Theorem 4.7 (Frobenius-acyclicity): On a separated visible stratum, categorical causal sufficiency is equivalent to "tangent Frobenius commutativity," meaning every visible intervention field preserves the Frobenius copy/discard structure, and the visible intervention distribution is involutive.
Theorem 6.7: The three infinitesimal rules (counit invariance, coproduct intertwining, and bracket closure) characterize visible causal sufficiency.
Corollary 6.8: In the flat case (vanishing curvature residuals), the infinitesimal rules reduce to the classical discrete do-calculus transformations.

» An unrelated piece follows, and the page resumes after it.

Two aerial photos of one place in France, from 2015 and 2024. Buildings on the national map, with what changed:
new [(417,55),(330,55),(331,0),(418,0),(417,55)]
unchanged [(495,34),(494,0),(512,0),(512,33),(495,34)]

Theorem 7.3: The assignment from finite graphical presentations to visible Frobenius/tangent data is not conservative; non-isomorphic presentations can induce the same visible algebraic structure.

Significance and Claims
The paper claims to provide the first treatment of do-calculus in a tangent category setting, shifting the focus from graphical surgery to the differential geometry of statistical manifolds. Its primary significance lies in:

Geometric Invariants: Identifying "Frobenius-derivative defects" and non-vanishing Lie brackets as intrinsic geometric signatures of latent confounding, independent of graph selection.
Handling Singularities: By formulating interventions on the exogenous tangent bundle (Stat $^\infty_{SCM}$ ), the framework avoids the support problems and singularities often encountered when defining hard interventions via global density ratios on observed variables.

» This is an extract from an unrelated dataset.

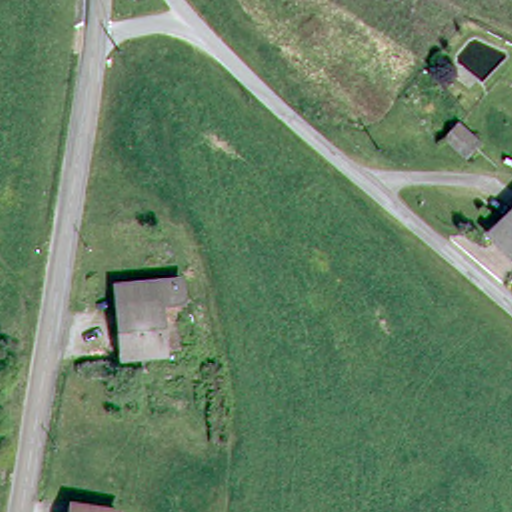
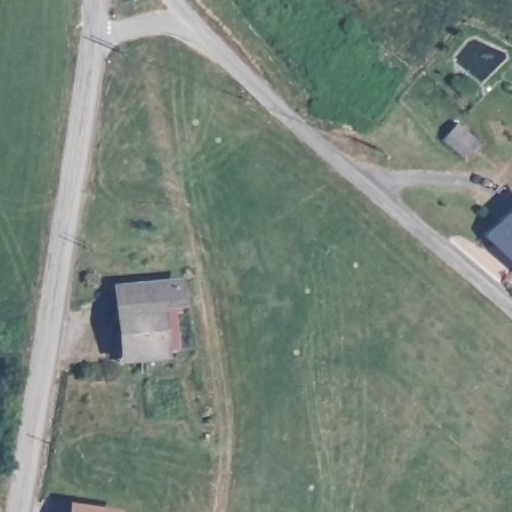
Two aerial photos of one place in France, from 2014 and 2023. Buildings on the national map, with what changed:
unchanged [(512,226),(512,260),(495,244),(512,226)]
unchanged [(167,304),(169,350),(132,352),(127,283),(179,279),(181,303),(167,304)]
unchanged [(78,510),(88,512),(78,512),(78,510)]

Foundational Shift: It proposes that causal inference should begin with Frobenius-compatible infinitesimal invariants of the observed statistical object, treating any finite graphical or algebraic syntax (like graphs or imsets) as a secondary presentation of these invariants.

The paper explicitly limits its scope to the formulation of the substrate, the connection to Kan transport, and the statement of the three rules. It acknowledges that full causal-sufficiency theory, the construction of a Frobenius-Markov cohomology theory, and the functorial extraction of graphical presentations from tangent data are left as future work.